The application performance gains resulting from migrating an infrastructure hosting multi-tier applications from a physical networking implementation to a NSX software-based one have been well documented.  Bob Goldsand and Todd Muirhead, from our performance engineering team have been preaching this gospel for some time, for example at VMworld 2017.

Implementing NSX with distributed routing and firewalling, combined with placing the virtual machines of multiple application tiers on the same hosts where possible, (and using affinity rules to keep them there), leads to the optimization of traffic flow – avoiding the physical network altogether and the hairpin flows as traffic destined for adjacent VMs transits the infrastructure unnecessarily.  The performance increase is diminished though still significant where tiers are not on the same host, and this is despite the enhanced security of micro-segmentation, providing a firewall between the vNIC and vSwitch of every VM.  The more complex, and so more tiers, the application has, the greater the gain.
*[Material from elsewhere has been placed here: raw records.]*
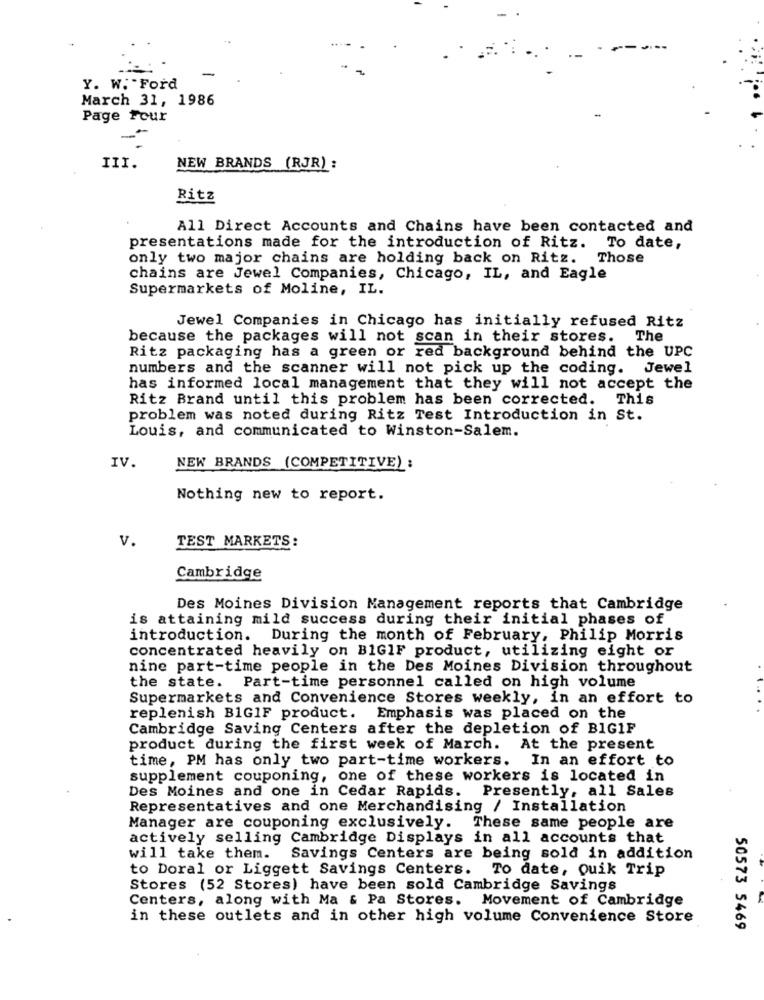
Y. W. Ford
March 31, 1986
Page Four
III.
NEW BRANDS (RJR) :
Ritz
All Direct Accounts and Chains have been contacted and
presentations made for the introduction of Ritz. To date,
only two major chains are holding back on Ritz. Those
chains are Jewel Companies, Chicago, IL, and Eagle
Supermarkets of Moline, IL.
Jewel Companies in Chicago has initially refused Ritz
because the packages will not scan in their stores. The
Ritz packaging has a green or red background behind the UPC
numbers and the scanner will not pick up the coding. Jewel
has informed local management that they will not accept the
Ritz Brand until this problem has been corrected. This
problem was noted during Ritz Test Introduction in St.
Louis, and communicated to Winston-Salem.
IV.
NEW BRANDS (COMPETITIVE) :
Nothing new to report.
v.
TEST MARKETS:
Cambridge
Des Moines Division Management reports that Cambridge
is attaining mild success during their initial phases of
introduction. During the month of February, Philip Morris
concentrated heavily on BIGIF product, utilizing eight or
nine part-time people in the Des Moines Division throughout
the state. Part-time personnel called on high volume
Supermarkets and Convenience Stores weekly, in an effort to
replenish B1GIF product. Emphasis was placed on the
Cambridge Saving Centers after the depletion of BIG1F
product during the first week of March.
At the present
time, PM has only two part-time workers. In an effort to
supplement couponing, one of these workers is located in
Presently, all Sales
Des Moines and one in Cedar Rapids.
Representatives and one Merchandising / Installation
Manager are couponing exclusively. These same people are
actively selling Cambridge Displays in all accounts that
will take them.
Savings Centers are being sold in addition
to Doral or Liggett Savings Centers. To date, Quik Trip
Stores (52 Stores) have been sold Cambridge Savings
Centers, along with Ma & Pa Stores. Movement of Cambridge
in these outlets and in other high volume Convenience Store
50573 5469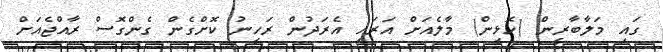
ގައި މަލާބާރީން (ހޮޅީން) މާލެއަށް އަރައި އެރަދުން ރަހީނު ކޮށްގެން ގެންގޮސް ރާއްޖެއަށް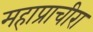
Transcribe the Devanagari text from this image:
महाप्राचीरा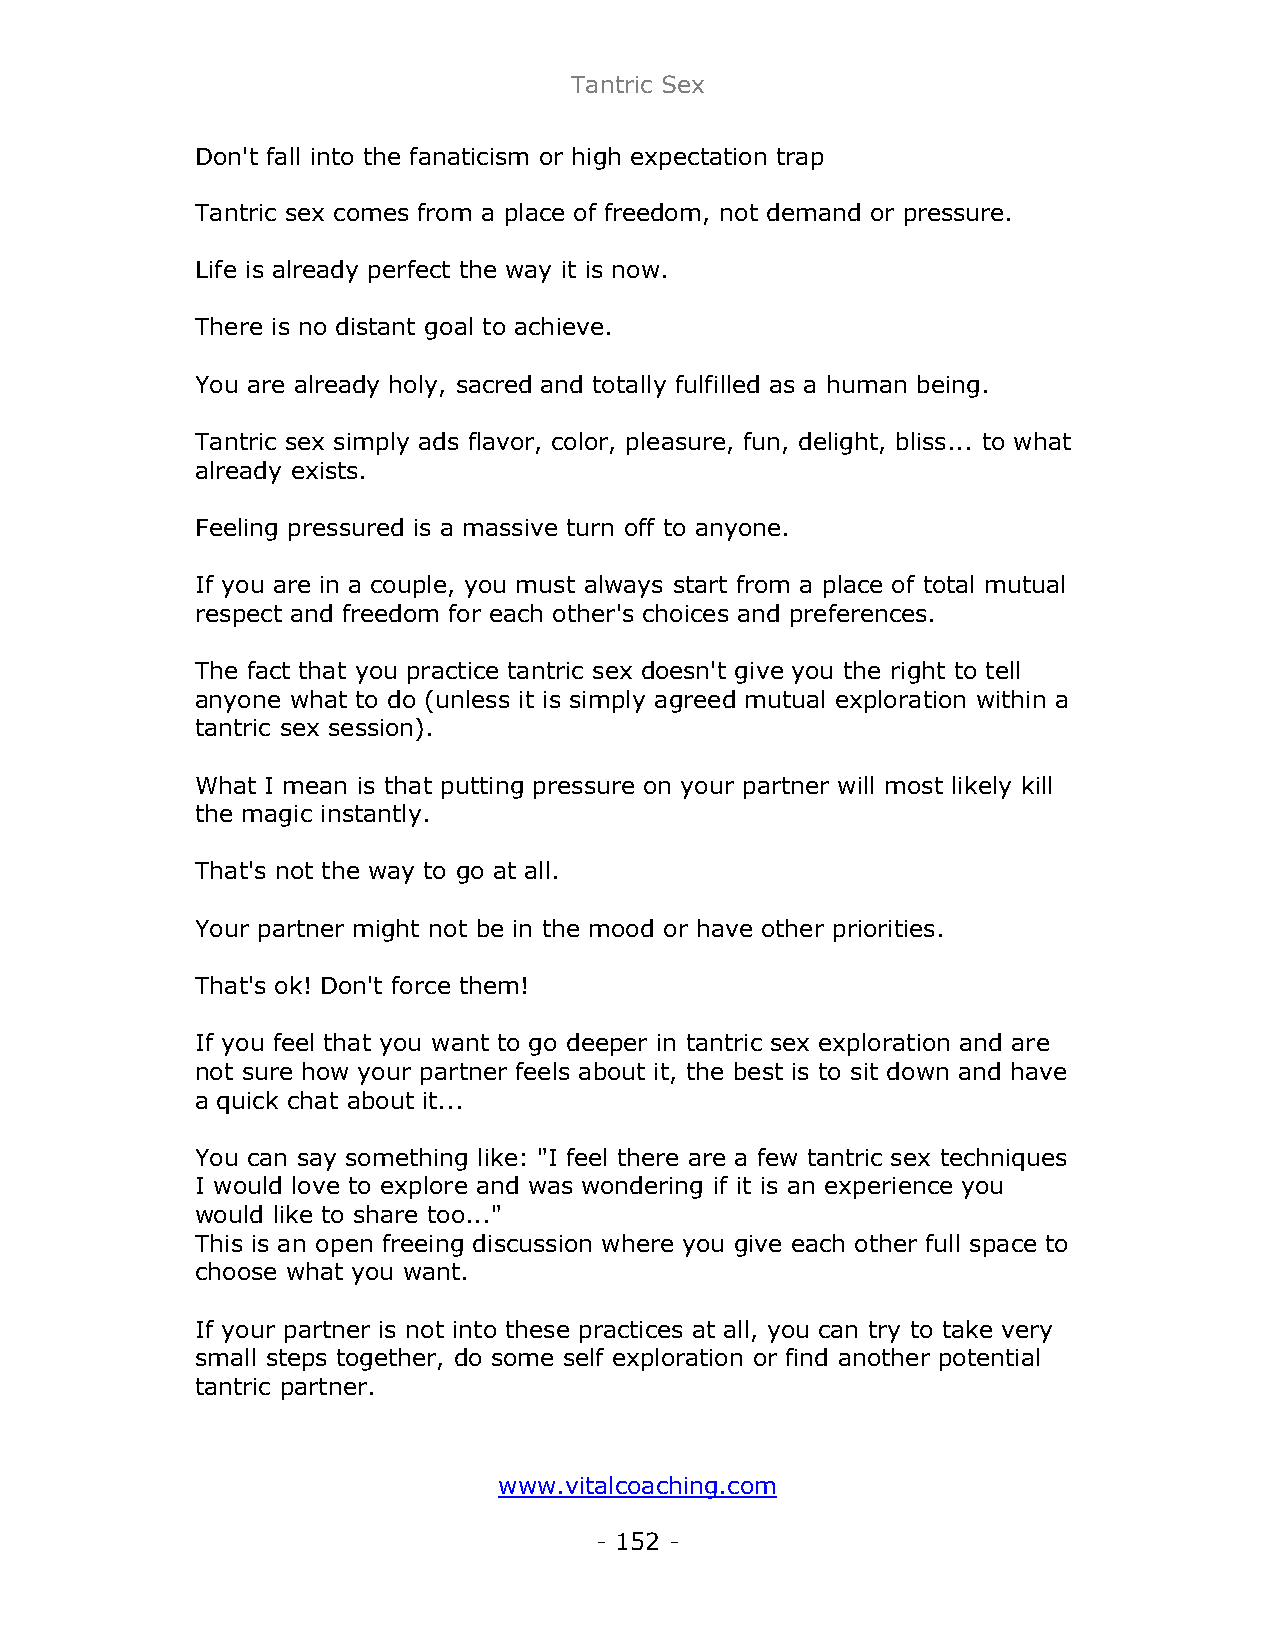
Tantric Sex
 Don't fall into the fanaticism or high expectation trap
 Tantric sex comes from a place of freedom, not demand or pressure.
 Life is already perfect the way it is now.
 There is no distant goal to achieve.
 You are already holy, sacred and totally fulfilled as a human being.
 Tantric sex simply ads flavor, color, pleasure, fun, delight, bliss... to what
 already exists.
 Feeling pressured is a massive turn off to anyone.
 If you are in a couple, you must always start from a place of total mutual
 respect and freedom for each other's choices and preferences.
 The fact that you practice tantric sex doesn't give you the right to tell
 anyone what to do (unless it is simply agreed mutual exploration within a
 tantric sex session).
 What I mean is that putting pressure on your partner will most likely kill
 the magic instantly.
 That's not the way to go at all.
 Your partner might not be in the mood or have other priorities.
 That's ok! Don't force them!
 If you feel that you want to go deeper in tantric sex exploration and are
 not sure how your partner feels about it, the best is to sit down and have
 a quick chat about it...
 You can say something like: "I feel there are a few tantric sex techniques
 I would love to explore and was wondering if it is an experience you
 would like to share too..."
 This is an open freeing discussion where you give each other full space to
 choose what you want.
 If your partner is not into these practices at all, you can try to take very
 small steps together, do some self exploration or find another potential
 tantric partner.
 www.vitalcoaching.com
 - 152 -

While very large, 40%+, improvements were based on comparison with a traditional multi-tier network architecture, even in recently built leaf spine data centers they are significant, frequently in the high single digits.  This may not sound like much, but as each application turn (request by one tier of the app and response by another) magnifies this gain, this enables a gain of 15 to 25 percent to lead to a perceptible improvement in application performance for the end user.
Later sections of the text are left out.